US senators warned Thursday of Russias "unprecedented" threat to American and European democratic institutions Thursday as they opened their first public hearing into Moscows interference in the 2016 presidential election.
With the main House probe in political disarray, the Senate Intelligence Committee took the lead investigating how Russia allegedly sought to skew the election in favor of President Donald Trump.
The hearings opened with testimony by academic experts on Russia's history of political meddling, and will include more than 20 witnesses as the committee delves into allegations of collusion with Moscow.
On the witness list are top figures from Trump's election team suspected of communicating with Russian officials during the campaign.
"The American public, indeed, all democratic societies need to understand that malign actors are using old techniques with new platforms to undermine our democratic institutions," said Republican committee chair Richard Burr.

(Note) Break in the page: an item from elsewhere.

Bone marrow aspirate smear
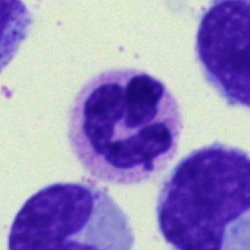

"This is not innuendo or a false allegation. This is not fake news. This is what actually happened to us," said Democratic Senator Mark Warner, the committee’s vice chairman.
Just before the hearing began, Russian President Vladimir Putin again dismissed the US intelligence charge that he masterminded the election disruption effort.
Such charges are "absurd" and "irresponsible," Putin said in the northern city of Arkhangelsk at an international forum on the Arctic.
But US senators warned that Europe is now experiencing the same type of computer hacking and disinformation campaign that the United States did.
"Some of our close allies in Europe are experiencing exactly the same kind of interference in their political processes. Germany has said its parliament has been hacked. French presidential candidates right now have been the subjects of Russian propaganda and disinformation," he added.
The hearing opened amid worries that any inquiry could be stifled by Republicans seeking to protect the White House from the scandal.
Trump has branded the Russia story "fake news" and has said Democrats are trying to undermine the legitimacy of his victory in the November 8 election.
The House Intelligence Committee cancelled planned hearings this week with intelligence and justice officials after the Republican chair, Devin Nunes, said he had new information that Trump aides were "incidentally" picked up in surveillance of foreign agents.
The probe "is about holding Russia to account for this unprecedented attack against our democracy," said Warner.
"I would hope that the president is as anxious as we are to get to the bottom of what happened."
"But I have to say editorially, that the president's recent conduct –- with his wild and uncorroborated accusations about wiretapping, and his inappropriate and unjustified attacks on America's hard-working intelligence professionals –- does give me grave concern."